REST Service

El servicio REST está compuesto principalmente de un recurso dataset con distintas operaciones

Endpoints

Aquí se detallarán todos los endpoints del servicio. El valor de la prioridad que se muestra indica la importancia que se le va a dar a la implementación de ese servicio. Cuanto menor sea, más importancia se le dará.

Datasets management

The /dataset collection contains several methods to create, add triples to the dataset, train and generate search indexes.

It also contains these main params

{"entities", "relations", "triples", "status", "algorithm"}

The algorithm parameter contains all the information the dataset are trained with. See /algorithm collection to get more information about this.

Dataset will be changing its status when actions such training or indexing are performed. The status can only grow up. When a changing status is taking place, the dataset cannot be edited. In this situations, the status will be a negative integer.

status: untrained -> trained -> indexed

GET /datasets/(int: dataset_id)/

Get all the information about a dataset, given a dataset_id

Sample request and response

GET /datasets/1/

{
        "dataset": {
                "relations": 655,
                "triples": 3307248,
                "algorithm": {
                        "id": 2,
                        "embedding_size": 100,
                        "max_epochs": null,
                        "margin": 2
                },
                "entities": 651759,
                "status": 2,
                "name": null,
                "id": 4
        }
}
Parameters:
  • dataset_id (int) – Unique dataset_id
Status Codes:
  • 200 OK – Returns all information about a dataset.
  • 404 Not Found – The dataset can’t be found.
POST /datasets/(int: dataset_id)/train?algorithm=(int: id_algorithm)

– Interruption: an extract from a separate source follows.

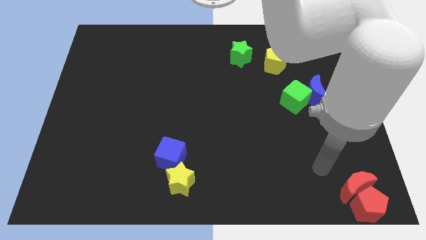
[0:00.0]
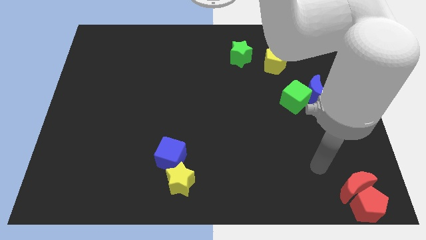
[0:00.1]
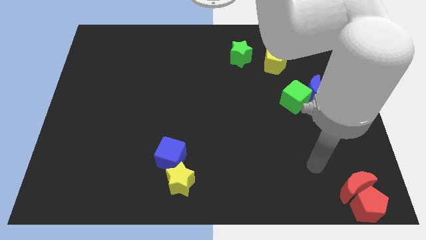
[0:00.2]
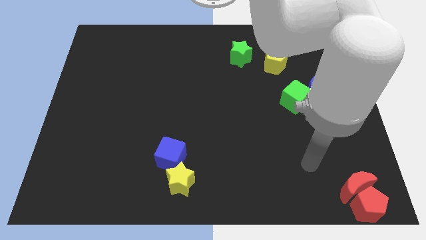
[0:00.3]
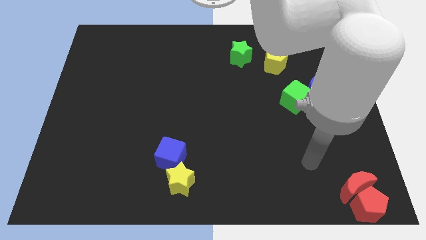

Train a dataset with a given algorithm id. The training process can be quite large, so this REST method uses a asynchronous model to perform each request.

The response of this method will only be a 202 ACCEPTED status code, with the Location: header filled with the task path element. See /tasks collection to get more information about how tasks are managed on the service.

The dataset must be in a ‘untrained’ (0) state to get this operation done. Also, no operation such as add_triples must be being processed. Otherwise, a 409 CONFLICT status code will be obtained.

Parameters:
  • dataset_id (int) – Unique dataset_id
Query Parameters:
 
  • id_algorithm (int) – The wanted algorithm to train the dataset
Status Codes:
  • 202 Accepted – The requests has been accepted to the system and a task has been created. See Location header to get more information.
  • 404 Not Found – The dataset or the algorithm can’t be found.
  • 409 Conflict – The dataset cannot be trained due to its status.
GET /datasets/

Gets all datasets available on the system.

Status Codes:
  • 200 OK – All the datasets are shown correctly
POST /datasets?dataset_type=(int: dataset_type)

Creates a new and empty dataset. To fill in you must use other requests.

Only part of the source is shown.